• YOUR OBJECTIVE:
Pull out every line from the listing that has the word "shrubs".

• EXERCISE MATERIAL:
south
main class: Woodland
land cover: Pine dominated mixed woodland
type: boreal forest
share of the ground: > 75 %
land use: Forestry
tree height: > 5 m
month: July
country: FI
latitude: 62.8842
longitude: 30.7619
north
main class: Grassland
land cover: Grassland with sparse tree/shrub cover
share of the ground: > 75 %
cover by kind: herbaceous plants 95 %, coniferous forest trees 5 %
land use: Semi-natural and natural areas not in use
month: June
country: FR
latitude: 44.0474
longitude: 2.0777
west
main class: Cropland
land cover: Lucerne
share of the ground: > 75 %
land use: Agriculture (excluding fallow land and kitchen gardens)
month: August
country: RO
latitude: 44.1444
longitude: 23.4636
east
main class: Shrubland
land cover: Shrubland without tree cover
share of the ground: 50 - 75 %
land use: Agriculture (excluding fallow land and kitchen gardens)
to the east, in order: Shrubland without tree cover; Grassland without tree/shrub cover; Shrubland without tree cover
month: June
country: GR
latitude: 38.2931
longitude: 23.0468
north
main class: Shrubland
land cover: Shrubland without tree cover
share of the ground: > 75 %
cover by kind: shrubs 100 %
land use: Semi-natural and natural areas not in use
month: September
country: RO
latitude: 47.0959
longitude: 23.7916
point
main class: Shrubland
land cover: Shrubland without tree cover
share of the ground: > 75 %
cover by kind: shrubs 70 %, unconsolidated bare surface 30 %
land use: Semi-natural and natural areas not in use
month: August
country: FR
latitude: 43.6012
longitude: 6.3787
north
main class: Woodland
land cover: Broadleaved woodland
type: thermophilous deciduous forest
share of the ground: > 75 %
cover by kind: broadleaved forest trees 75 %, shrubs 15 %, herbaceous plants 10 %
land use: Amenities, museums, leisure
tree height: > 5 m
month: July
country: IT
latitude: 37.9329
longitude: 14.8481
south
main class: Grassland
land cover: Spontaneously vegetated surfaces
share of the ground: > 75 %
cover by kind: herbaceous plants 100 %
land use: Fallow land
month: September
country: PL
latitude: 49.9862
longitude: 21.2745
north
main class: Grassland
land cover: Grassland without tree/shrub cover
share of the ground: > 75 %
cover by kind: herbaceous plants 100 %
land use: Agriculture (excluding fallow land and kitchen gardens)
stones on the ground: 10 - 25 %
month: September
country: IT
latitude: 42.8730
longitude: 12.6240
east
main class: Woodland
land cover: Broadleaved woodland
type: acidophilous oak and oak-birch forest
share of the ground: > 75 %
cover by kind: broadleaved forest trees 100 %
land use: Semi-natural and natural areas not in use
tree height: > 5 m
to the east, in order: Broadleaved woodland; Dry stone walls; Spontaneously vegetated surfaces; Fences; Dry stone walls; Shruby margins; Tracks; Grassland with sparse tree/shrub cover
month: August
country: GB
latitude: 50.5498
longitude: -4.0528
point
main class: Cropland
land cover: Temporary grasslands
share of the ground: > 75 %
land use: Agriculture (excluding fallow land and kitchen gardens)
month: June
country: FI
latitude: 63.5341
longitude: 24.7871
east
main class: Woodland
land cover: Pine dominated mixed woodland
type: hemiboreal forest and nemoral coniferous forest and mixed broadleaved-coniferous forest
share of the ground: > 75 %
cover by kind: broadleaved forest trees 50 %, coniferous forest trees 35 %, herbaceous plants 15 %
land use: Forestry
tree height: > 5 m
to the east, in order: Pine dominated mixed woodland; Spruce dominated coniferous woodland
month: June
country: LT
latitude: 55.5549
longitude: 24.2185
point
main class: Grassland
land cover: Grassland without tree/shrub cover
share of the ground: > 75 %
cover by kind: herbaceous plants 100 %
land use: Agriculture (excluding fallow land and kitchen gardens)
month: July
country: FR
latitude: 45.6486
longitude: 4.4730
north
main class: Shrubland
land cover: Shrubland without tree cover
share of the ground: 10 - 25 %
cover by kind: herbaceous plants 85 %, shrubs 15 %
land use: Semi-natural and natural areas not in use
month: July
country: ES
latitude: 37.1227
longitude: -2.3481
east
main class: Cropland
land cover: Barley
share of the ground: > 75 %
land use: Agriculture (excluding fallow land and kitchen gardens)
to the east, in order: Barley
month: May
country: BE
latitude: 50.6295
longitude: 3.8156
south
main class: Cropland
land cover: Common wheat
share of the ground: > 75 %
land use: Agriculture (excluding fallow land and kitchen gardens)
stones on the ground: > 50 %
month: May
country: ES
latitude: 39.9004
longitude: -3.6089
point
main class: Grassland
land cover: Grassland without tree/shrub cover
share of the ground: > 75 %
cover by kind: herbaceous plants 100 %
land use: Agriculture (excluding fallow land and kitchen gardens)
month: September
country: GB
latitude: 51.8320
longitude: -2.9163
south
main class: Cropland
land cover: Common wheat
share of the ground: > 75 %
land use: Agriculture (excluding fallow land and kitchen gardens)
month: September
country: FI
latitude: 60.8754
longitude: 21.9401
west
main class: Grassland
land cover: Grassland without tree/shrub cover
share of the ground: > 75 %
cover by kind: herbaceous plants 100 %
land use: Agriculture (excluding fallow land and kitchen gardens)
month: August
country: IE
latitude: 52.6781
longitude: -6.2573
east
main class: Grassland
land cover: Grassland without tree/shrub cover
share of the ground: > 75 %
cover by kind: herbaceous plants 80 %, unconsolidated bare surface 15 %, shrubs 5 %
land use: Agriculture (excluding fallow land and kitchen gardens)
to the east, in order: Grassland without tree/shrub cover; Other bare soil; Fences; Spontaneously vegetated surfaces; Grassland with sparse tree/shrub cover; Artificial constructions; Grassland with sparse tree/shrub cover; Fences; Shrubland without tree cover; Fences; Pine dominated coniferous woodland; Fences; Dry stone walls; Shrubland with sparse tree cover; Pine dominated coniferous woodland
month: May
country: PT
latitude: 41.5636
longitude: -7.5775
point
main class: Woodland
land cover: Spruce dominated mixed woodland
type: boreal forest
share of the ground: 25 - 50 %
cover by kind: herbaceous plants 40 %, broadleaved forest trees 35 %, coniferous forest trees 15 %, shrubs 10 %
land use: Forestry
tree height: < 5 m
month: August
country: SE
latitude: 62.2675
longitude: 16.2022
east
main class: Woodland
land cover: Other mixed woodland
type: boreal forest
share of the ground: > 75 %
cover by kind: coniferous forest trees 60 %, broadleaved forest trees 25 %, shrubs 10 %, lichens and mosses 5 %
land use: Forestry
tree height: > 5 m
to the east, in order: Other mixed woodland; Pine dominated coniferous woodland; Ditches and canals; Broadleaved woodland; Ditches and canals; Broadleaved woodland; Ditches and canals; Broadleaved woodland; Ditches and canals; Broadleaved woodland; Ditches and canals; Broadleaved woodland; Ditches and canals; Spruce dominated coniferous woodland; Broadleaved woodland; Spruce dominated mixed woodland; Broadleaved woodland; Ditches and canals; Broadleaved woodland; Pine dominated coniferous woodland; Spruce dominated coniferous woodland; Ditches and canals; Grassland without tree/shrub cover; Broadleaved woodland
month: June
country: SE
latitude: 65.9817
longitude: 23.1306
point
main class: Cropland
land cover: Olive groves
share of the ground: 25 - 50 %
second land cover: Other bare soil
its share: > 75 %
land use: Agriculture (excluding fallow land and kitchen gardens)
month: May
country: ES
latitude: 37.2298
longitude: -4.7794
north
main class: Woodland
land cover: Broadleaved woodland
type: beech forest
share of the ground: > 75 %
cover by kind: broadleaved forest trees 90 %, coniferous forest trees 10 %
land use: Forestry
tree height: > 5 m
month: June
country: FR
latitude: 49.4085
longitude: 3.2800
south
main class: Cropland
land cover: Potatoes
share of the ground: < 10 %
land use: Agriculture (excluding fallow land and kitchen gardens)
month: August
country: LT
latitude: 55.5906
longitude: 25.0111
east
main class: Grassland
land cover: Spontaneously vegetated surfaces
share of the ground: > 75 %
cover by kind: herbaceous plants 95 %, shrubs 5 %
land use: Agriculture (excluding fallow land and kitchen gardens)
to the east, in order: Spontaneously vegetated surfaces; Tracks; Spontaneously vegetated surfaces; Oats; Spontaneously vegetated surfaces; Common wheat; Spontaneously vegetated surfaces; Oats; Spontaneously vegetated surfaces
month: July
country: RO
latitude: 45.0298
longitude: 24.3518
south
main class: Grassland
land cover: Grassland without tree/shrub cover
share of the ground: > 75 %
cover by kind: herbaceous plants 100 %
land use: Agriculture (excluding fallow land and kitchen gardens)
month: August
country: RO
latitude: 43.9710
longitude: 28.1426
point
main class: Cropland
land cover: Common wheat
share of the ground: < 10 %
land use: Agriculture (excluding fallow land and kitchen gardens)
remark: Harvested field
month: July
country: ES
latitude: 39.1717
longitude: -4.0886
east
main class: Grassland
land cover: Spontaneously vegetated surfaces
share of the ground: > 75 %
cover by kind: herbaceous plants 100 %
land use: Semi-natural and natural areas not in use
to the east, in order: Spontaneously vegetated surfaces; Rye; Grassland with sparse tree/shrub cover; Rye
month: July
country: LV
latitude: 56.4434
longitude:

• EXERCISE RESPONSE:
cover by kind: shrubs 100 %
cover by kind: shrubs 70 %, unconsolidated bare surface 30 %
cover by kind: broadleaved forest trees 75 %, shrubs 15 %, herbaceous plants 10 %
cover by kind: herbaceous plants 85 %, shrubs 15 %
cover by kind: herbaceous plants 80 %, unconsolidated bare surface 15 %, shrubs 5 %
cover by kind: herbaceous plants 40 %, broadleaved forest trees 35 %, coniferous forest trees 15 %, shrubs 10 %
cover by kind: coniferous forest trees 60 %, broadleaved forest trees 25 %, shrubs 10 %, lichens and mosses 5 %
cover by kind: herbaceous plants 95 %, shrubs 5 %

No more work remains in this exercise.